Zümrüdüanka Yoldaşlığı :
 
5. filme gelindiğinde durum o kadar absürd bir hâl almaya başladı ki serinin tarihinde ilk defa resmen filmin adı başka, odağı başka bir şey oldu. Sonbahar filmi olarak başlayan seriyi kitapların giderek kalınlaşması ve beyazperdeye aktarılmalarının da iyice meşakkatli hale gelmesi nedeniyle 1.5 sene arayla gösterime sokmaya başlayan WB., yaz dönemine denk gelen bölümlerin sürelerini de sonbahar döneminde gösterime girenlere göre bariz şekilde kısa tutma politikası izliyordu. Bunca kritik detay barındıran bir kitap serisinin filmleri için şüphesiz ki talihsiz olan bu tutumdan etkilenen ilk film 3. bölüm Azkaban Tutsağı olmuştu.
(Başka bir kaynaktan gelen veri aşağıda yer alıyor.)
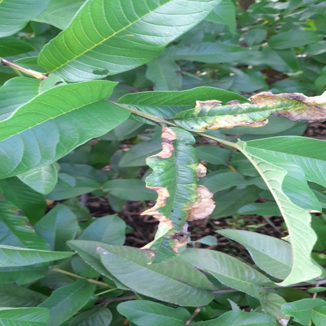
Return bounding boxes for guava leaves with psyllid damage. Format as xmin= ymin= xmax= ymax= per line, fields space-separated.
xmin=144 ymin=84 xmax=326 ymax=139
xmin=141 ymin=121 xmax=226 ymax=265
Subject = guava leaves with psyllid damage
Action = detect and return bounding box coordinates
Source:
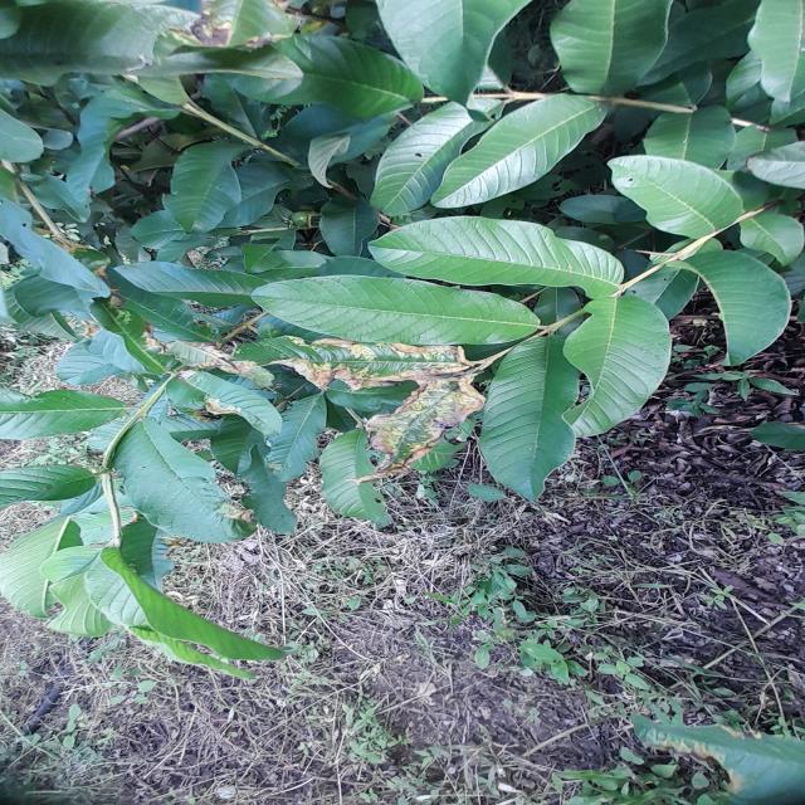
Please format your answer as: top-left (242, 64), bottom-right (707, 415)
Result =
top-left (104, 420), bottom-right (258, 564)
top-left (176, 369), bottom-right (289, 447)
top-left (353, 369), bottom-right (488, 496)
top-left (215, 341), bottom-right (496, 394)
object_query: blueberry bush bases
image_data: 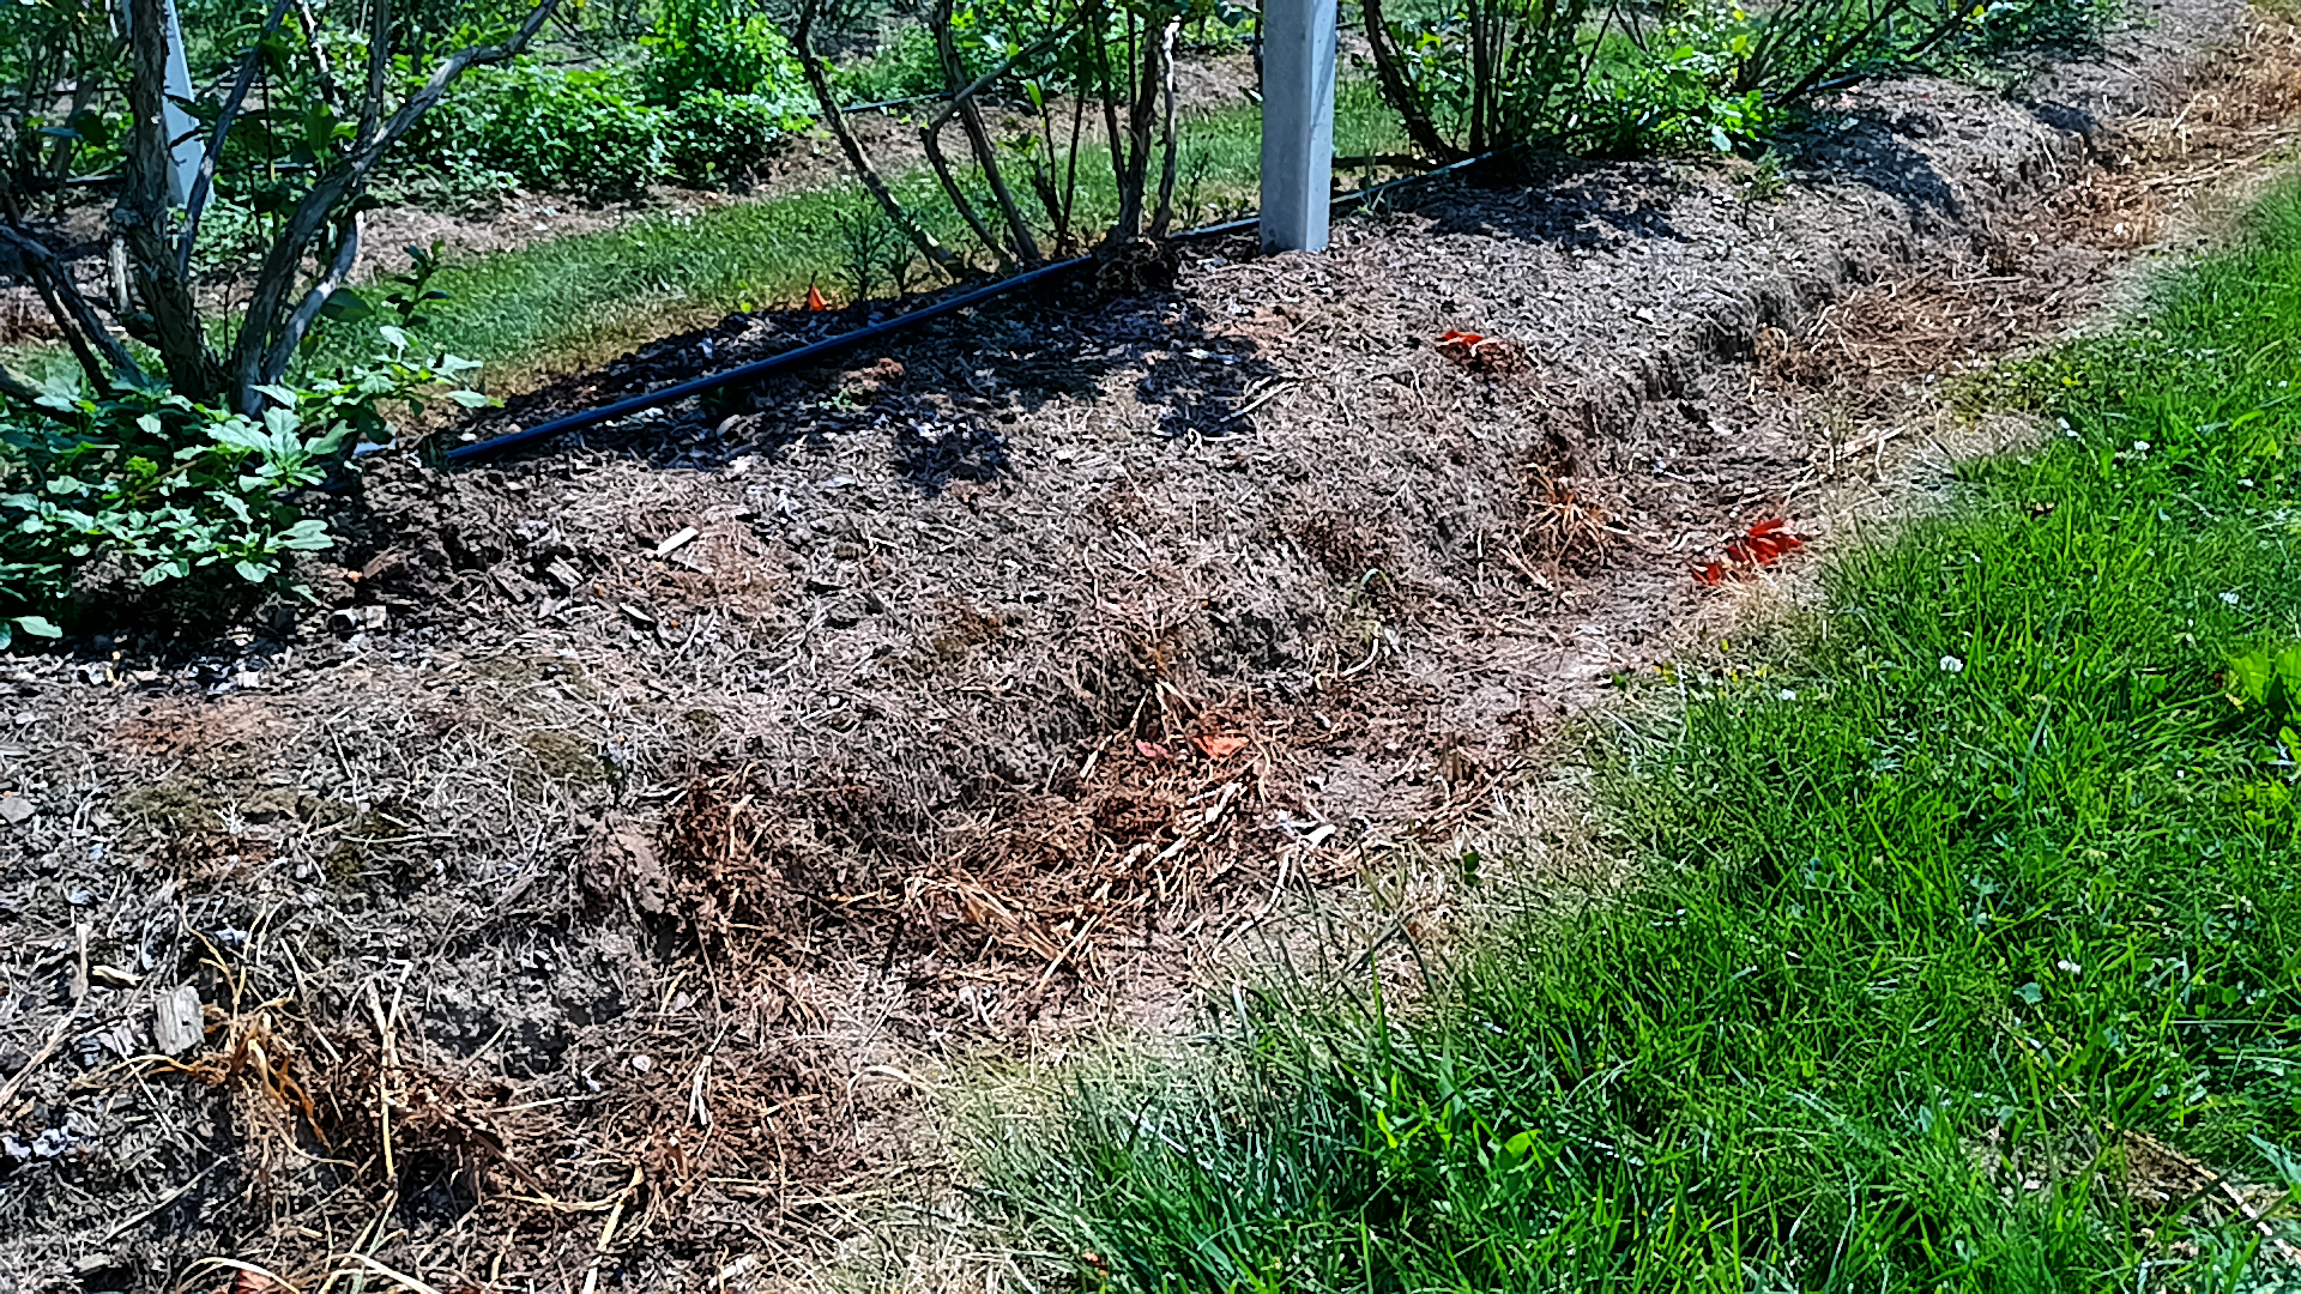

Kitap serinin en kalın kitabı değildi belki ama o sırada filme aktarılan en uzun ve detaylı kitaptı. Buna rağmen serinin en kısa filmi olmuş, kitabın bir sürü önemli detayı senaryonun kıyısından bile geçememişti. Filmi yaz aylarına denk gelen diğer bir bölüm olan 5. kitap ise resmi olarak serinin en uzun, en kalın kitabıydı ve sadece kendi içindeki entrika için değil, ardından gelecek bölümler için de o kadar önemli ipuçları barındırıyordu ki filmin 3. filmden bile kısa tutularak, serinin en kısa filmi olacağı duyurulduğu zaman beklentilerin minimuma indirilmesi gerektiği anlaşıldı. Buna rağmen karşılarında buldukları filmin gelmek üzere olduğunu, 7 yıllık deneyimden sonra uyarlamalara bir nebze olsun alışmış olan seyirciler bile tahmin edememişti.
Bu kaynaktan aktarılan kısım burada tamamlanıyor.